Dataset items
#####

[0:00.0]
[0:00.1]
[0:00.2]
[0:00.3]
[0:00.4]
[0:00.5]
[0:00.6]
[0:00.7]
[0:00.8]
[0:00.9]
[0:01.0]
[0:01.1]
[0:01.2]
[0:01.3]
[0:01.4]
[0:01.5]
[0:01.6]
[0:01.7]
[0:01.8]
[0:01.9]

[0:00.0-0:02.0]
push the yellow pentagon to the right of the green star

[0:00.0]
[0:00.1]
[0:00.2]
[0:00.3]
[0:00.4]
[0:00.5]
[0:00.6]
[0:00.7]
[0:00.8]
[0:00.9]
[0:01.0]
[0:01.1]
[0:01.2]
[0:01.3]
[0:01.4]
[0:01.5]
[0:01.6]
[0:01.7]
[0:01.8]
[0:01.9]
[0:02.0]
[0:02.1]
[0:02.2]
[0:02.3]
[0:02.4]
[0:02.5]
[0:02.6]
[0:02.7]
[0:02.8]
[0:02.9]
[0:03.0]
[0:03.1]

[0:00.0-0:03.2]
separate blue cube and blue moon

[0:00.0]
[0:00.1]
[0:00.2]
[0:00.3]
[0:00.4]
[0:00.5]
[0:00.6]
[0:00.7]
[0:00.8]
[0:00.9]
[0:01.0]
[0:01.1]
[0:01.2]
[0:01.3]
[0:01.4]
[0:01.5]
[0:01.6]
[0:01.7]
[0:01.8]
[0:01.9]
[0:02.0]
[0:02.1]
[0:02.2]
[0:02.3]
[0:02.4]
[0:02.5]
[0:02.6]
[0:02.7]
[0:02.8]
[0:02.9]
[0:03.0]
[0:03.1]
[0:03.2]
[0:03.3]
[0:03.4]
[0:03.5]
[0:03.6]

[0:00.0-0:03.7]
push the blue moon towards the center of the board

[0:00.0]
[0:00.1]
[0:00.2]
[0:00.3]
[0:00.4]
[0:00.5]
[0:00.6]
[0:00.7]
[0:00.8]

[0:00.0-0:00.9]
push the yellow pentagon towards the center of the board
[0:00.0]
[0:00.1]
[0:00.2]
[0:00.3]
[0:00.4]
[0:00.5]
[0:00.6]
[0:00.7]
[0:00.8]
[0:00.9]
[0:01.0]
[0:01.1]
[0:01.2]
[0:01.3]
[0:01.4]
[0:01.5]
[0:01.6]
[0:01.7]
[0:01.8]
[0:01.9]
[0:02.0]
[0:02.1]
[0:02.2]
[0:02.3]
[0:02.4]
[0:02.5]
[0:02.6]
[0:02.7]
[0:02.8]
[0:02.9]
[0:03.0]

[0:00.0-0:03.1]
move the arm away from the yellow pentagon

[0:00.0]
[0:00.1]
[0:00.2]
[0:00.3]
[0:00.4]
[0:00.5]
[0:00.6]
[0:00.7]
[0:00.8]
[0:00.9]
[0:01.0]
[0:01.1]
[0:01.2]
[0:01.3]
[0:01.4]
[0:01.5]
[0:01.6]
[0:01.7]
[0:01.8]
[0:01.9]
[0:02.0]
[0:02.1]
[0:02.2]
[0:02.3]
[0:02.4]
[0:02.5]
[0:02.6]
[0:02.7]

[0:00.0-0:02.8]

#####

WORK TO BE COMPLETED: The full set of records above must be reproduced exactly in the reply.

RESPONSE TO THE TASK:
[0:00.0]
[0:00.1]
[0:00.2]
[0:00.3]
[0:00.4]
[0:00.5]
[0:00.6]
[0:00.7]
[0:00.8]
[0:00.9]
[0:01.0]
[0:01.1]
[0:01.2]
[0:01.3]
[0:01.4]
[0:01.5]
[0:01.6]
[0:01.7]
[0:01.8]
[0:01.9]

[0:00.0-0:02.0]
push the yellow pentagon to the right of the green star

[0:00.0]
[0:00.1]
[0:00.2]
[0:00.3]
[0:00.4]
[0:00.5]
[0:00.6]
[0:00.7]
[0:00.8]
[0:00.9]
[0:01.0]
[0:01.1]
[0:01.2]
[0:01.3]
[0:01.4]
[0:01.5]
[0:01.6]
[0:01.7]
[0:01.8]
[0:01.9]
[0:02.0]
[0:02.1]
[0:02.2]
[0:02.3]
[0:02.4]
[0:02.5]
[0:02.6]
[0:02.7]
[0:02.8]
[0:02.9]
[0:03.0]
[0:03.1]

[0:00.0-0:03.2]
separate blue cube and blue moon

[0:00.0]
[0:00.1]
[0:00.2]
[0:00.3]
[0:00.4]
[0:00.5]
[0:00.6]
[0:00.7]
[0:00.8]
[0:00.9]
[0:01.0]
[0:01.1]
[0:01.2]
[0:01.3]
[0:01.4]
[0:01.5]
[0:01.6]
[0:01.7]
[0:01.8]
[0:01.9]
[0:02.0]
[0:02.1]
[0:02.2]
[0:02.3]
[0:02.4]
[0:02.5]
[0:02.6]
[0:02.7]
[0:02.8]
[0:02.9]
[0:03.0]
[0:03.1]
[0:03.2]
[0:03.3]
[0:03.4]
[0:03.5]
[0:03.6]

[0:00.0-0:03.7]
push the blue moon towards the center of the board

[0:00.0]
[0:00.1]
[0:00.2]
[0:00.3]
[0:00.4]
[0:00.5]
[0:00.6]
[0:00.7]
[0:00.8]

[0:00.0-0:00.9]
push the yellow pentagon towards the center of the board
[0:00.0]
[0:00.1]
[0:00.2]
[0:00.3]
[0:00.4]
[0:00.5]
[0:00.6]
[0:00.7]
[0:00.8]
[0:00.9]
[0:01.0]
[0:01.1]
[0:01.2]
[0:01.3]
[0:01.4]
[0:01.5]
[0:01.6]
[0:01.7]
[0:01.8]
[0:01.9]
[0:02.0]
[0:02.1]
[0:02.2]
[0:02.3]
[0:02.4]
[0:02.5]
[0:02.6]
[0:02.7]
[0:02.8]
[0:02.9]
[0:03.0]

[0:00.0-0:03.1]
move the arm away from the yellow pentagon

[0:00.0]
[0:00.1]
[0:00.2]
[0:00.3]
[0:00.4]
[0:00.5]
[0:00.6]
[0:00.7]
[0:00.8]
[0:00.9]
[0:01.0]
[0:01.1]
[0:01.2]
[0:01.3]
[0:01.4]
[0:01.5]
[0:01.6]
[0:01.7]
[0:01.8]
[0:01.9]
[0:02.0]
[0:02.1]
[0:02.2]
[0:02.3]
[0:02.4]
[0:02.5]
[0:02.6]
[0:02.7]

[0:00.0-0:02.8]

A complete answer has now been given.